Indian Journal of Medical Microbiology, Vol. 26, No. 2, April-June, 2008, pp. 123-126

Original Article

The highest prevalence of human metapneumovirus in Ahwaz children accompanied by acute respiratory infections

Division of Virology, Department of Microbiology-Faculty of Medicine - Ahwaz Jondishapur University of Medical Sciences, Ahvaz
Correspondence Address:Division of Virology, Department of Microbiology-Faculty of Medicine - Ahwaz Jondishapur University of Medical Sciences, Ahvaz
arabpour@sums.ac.ir

Date of Submission: 07-Jun-2007
Date of Acceptance: 21-Aug-2007

Code Number: mb08037

Abstract

Purpose: The newly described human metapneumovirus (hMPV) has been recently discovered as an etiological agent of acute respiratory infections (ARTI) in infants and children.
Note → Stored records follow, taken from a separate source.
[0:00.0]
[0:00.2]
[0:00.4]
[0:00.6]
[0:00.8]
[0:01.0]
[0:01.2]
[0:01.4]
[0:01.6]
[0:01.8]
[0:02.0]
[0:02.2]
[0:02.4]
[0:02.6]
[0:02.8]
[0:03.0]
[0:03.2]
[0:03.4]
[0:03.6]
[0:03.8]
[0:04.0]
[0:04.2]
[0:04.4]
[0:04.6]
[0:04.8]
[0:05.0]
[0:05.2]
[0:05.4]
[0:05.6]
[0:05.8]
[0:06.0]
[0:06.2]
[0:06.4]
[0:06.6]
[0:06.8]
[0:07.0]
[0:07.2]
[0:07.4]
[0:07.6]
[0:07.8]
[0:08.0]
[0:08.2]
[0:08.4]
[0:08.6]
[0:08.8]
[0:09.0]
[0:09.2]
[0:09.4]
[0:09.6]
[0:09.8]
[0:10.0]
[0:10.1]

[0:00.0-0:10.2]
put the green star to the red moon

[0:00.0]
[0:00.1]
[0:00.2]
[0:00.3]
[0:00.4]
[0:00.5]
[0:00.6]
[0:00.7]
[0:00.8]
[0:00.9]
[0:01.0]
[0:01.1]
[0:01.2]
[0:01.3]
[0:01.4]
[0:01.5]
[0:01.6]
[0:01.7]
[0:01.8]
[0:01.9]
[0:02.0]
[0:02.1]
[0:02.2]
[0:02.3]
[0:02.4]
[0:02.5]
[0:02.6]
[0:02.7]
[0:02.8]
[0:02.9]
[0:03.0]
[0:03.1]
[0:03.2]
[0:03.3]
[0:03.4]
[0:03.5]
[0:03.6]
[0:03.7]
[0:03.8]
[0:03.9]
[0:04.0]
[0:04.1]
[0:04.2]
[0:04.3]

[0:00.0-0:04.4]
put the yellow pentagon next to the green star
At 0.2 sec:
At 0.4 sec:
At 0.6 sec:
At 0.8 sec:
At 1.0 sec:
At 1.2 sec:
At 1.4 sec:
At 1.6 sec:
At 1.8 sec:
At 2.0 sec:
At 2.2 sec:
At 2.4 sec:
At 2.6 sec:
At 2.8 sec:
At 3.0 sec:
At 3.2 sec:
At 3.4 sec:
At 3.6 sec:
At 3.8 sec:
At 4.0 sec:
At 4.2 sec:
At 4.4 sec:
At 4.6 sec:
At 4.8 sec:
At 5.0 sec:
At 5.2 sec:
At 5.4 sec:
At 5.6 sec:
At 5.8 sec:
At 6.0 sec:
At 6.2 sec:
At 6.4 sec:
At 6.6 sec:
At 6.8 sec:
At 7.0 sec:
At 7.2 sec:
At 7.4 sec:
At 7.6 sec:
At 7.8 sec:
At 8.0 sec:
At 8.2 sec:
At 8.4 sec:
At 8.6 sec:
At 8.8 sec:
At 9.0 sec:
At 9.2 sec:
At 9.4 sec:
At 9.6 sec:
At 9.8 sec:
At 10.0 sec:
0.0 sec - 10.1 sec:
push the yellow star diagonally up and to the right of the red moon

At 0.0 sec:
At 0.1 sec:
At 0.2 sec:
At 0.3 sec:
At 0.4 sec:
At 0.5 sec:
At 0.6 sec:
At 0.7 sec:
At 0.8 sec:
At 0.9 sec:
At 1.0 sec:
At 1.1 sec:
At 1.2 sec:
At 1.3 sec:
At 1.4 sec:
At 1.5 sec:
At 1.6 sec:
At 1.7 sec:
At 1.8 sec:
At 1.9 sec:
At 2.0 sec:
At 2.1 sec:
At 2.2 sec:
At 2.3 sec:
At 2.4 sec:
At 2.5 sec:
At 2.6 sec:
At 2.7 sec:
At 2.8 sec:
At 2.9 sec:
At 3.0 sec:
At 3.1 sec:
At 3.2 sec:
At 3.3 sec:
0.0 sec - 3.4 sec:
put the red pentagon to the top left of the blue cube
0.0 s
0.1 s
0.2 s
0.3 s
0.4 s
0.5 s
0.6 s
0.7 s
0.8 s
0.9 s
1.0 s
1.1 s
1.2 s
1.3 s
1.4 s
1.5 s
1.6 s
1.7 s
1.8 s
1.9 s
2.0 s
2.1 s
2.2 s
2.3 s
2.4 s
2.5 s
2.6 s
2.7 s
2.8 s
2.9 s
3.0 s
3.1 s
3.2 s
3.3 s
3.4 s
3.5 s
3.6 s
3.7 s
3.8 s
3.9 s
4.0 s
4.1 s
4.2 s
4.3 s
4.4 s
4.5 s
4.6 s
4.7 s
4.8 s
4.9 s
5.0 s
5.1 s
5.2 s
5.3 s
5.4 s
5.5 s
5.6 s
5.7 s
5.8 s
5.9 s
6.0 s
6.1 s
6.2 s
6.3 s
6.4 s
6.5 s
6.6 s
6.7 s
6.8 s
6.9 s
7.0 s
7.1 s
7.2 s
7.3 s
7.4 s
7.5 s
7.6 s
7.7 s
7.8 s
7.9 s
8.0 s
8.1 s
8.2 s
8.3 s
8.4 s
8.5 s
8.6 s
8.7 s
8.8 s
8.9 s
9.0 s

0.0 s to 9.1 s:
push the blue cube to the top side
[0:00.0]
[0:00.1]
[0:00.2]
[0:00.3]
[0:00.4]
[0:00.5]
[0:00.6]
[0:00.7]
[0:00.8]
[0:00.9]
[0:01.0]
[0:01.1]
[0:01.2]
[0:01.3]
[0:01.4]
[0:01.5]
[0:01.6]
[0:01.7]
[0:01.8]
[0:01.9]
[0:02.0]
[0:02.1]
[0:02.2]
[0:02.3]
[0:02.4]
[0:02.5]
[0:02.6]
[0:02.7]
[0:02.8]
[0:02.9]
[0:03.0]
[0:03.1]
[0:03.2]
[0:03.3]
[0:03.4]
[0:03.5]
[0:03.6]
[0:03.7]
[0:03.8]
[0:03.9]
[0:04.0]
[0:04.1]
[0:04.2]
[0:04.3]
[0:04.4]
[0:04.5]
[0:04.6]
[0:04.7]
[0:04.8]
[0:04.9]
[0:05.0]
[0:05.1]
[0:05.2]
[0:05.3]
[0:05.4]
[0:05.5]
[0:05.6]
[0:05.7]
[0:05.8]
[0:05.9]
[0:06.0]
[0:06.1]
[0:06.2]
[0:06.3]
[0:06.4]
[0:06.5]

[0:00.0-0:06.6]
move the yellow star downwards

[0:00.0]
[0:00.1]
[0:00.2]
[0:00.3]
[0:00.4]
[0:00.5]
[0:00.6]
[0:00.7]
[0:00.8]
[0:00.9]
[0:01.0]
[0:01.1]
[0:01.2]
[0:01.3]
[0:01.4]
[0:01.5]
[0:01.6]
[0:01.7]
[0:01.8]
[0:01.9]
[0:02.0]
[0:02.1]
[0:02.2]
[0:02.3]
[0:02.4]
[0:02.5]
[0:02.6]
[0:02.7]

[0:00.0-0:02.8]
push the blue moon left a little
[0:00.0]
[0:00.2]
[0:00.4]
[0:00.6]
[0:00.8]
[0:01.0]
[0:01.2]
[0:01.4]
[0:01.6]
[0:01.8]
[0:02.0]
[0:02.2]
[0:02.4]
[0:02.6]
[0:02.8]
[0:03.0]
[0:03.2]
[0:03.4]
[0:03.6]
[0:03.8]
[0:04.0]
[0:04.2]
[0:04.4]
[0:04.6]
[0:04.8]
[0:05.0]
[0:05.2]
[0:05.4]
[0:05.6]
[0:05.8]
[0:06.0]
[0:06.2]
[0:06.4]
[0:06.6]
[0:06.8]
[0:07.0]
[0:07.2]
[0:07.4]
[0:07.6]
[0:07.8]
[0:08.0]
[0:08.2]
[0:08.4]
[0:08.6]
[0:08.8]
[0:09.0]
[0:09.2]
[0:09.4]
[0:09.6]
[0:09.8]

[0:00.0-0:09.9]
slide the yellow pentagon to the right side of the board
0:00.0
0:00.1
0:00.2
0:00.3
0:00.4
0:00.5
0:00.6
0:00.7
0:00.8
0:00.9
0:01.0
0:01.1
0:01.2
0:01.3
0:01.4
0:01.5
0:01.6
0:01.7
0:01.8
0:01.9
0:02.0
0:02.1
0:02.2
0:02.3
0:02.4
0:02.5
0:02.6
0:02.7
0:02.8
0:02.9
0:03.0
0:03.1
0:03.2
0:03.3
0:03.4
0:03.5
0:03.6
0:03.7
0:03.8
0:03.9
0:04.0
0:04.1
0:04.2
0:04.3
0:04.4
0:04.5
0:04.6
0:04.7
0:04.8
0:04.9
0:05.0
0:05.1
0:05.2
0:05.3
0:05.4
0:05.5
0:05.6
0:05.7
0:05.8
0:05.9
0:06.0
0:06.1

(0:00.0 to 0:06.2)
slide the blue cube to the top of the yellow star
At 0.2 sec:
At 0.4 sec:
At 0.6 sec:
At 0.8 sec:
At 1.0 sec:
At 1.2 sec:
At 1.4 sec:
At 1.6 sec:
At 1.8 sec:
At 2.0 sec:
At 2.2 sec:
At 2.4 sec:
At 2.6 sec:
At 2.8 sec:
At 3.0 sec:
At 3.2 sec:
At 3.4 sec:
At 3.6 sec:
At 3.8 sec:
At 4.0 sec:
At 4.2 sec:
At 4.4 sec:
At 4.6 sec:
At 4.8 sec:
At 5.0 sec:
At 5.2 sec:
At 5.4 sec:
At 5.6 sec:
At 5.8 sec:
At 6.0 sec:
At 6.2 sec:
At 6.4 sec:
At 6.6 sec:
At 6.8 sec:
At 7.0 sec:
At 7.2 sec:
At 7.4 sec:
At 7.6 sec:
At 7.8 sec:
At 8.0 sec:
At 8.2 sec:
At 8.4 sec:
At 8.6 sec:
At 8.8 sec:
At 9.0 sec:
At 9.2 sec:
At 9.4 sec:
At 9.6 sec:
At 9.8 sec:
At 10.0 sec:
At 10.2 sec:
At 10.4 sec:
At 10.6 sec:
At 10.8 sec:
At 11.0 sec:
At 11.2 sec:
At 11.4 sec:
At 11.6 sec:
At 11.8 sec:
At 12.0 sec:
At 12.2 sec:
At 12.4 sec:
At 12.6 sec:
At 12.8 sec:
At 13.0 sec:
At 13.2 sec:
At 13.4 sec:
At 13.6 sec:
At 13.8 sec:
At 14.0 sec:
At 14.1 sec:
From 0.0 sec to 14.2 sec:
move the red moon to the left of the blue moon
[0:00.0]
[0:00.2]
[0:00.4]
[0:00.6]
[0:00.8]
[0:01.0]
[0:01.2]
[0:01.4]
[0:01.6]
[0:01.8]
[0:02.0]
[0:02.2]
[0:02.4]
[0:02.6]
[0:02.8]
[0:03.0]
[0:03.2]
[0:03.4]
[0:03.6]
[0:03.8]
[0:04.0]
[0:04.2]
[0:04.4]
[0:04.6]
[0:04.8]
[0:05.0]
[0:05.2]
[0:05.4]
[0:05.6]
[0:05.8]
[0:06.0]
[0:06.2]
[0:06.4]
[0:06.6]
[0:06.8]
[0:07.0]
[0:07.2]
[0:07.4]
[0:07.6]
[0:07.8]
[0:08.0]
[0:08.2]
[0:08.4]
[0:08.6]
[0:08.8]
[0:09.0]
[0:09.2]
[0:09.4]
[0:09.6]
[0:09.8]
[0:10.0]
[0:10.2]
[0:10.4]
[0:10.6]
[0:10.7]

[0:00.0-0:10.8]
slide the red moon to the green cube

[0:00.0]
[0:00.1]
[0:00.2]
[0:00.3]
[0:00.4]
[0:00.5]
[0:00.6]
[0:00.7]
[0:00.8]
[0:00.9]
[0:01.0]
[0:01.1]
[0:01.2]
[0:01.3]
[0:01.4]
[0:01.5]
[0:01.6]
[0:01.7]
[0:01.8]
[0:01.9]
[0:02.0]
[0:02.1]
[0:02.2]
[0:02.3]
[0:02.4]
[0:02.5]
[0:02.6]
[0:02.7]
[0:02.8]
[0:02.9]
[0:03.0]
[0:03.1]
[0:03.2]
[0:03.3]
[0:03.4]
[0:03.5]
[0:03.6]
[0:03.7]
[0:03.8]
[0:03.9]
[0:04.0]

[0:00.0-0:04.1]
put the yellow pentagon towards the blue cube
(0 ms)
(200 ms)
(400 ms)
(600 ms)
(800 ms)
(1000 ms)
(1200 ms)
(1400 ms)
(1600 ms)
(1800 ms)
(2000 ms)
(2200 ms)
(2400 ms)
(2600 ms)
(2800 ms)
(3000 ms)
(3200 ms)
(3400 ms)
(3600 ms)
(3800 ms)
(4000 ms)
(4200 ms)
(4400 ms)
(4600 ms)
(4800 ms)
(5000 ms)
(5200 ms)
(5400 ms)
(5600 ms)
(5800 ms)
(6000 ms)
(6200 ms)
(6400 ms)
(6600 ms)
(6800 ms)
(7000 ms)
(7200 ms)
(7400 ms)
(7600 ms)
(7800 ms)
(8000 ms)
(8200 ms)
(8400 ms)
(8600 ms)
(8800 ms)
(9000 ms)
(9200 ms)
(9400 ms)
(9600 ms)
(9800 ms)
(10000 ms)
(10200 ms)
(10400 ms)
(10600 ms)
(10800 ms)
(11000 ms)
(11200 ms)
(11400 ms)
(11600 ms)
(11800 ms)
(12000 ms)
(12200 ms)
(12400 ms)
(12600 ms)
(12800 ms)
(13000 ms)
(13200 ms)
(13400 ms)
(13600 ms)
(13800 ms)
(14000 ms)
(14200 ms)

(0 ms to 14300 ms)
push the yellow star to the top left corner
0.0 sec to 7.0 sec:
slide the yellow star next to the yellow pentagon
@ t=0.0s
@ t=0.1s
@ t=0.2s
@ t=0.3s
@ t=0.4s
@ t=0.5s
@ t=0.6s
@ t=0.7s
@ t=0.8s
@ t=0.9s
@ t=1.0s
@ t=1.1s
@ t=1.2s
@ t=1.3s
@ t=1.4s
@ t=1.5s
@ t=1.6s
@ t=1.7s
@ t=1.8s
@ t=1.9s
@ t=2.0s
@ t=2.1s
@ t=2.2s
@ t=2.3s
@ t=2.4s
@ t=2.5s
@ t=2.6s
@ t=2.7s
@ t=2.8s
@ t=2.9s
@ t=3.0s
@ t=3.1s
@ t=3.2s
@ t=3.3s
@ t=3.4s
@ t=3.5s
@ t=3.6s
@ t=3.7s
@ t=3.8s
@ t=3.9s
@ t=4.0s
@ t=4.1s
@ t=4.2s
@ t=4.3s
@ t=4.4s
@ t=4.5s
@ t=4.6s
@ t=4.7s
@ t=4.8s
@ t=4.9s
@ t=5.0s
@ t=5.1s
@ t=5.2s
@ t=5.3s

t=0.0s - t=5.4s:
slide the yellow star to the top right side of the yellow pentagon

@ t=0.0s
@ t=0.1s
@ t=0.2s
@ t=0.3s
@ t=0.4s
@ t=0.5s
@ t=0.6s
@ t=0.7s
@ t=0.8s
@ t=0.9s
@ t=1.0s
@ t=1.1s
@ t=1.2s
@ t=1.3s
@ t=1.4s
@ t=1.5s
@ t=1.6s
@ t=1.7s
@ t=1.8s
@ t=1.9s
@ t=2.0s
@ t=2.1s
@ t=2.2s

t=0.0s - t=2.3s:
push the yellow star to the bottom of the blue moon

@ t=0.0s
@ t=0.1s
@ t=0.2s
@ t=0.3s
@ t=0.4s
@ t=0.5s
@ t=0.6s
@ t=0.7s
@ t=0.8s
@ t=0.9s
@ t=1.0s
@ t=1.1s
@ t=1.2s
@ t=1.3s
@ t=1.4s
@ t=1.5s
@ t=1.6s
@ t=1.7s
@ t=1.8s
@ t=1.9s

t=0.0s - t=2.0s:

The aim of this study was to determine the prevalence of hMPV and its potential role as causative agent of ARTI in Ahwaz children.
Methods:
In the present study, we examined 124 nasal swabs from infants affected by ARTI for the presence of hMPV by RT-PCR technique.
Results:
Sixty-eight out of 124 (54.4%) cases were positive for hMPV which is the highest incidence of hMPV ever reported in the world, 94.1% of positive cases belonged to genotype A; whereas no B genotype was detected. Our positive hMPV children were affected by upper (URTI) as well as lower respiratory tract infection (LRTI); however, LARTIs had higher prevalence.
Conclusions:
We suggest a probable role of F protein alteration as the causative agent for the highest prevalence of hMPV infection among Ahvaz children.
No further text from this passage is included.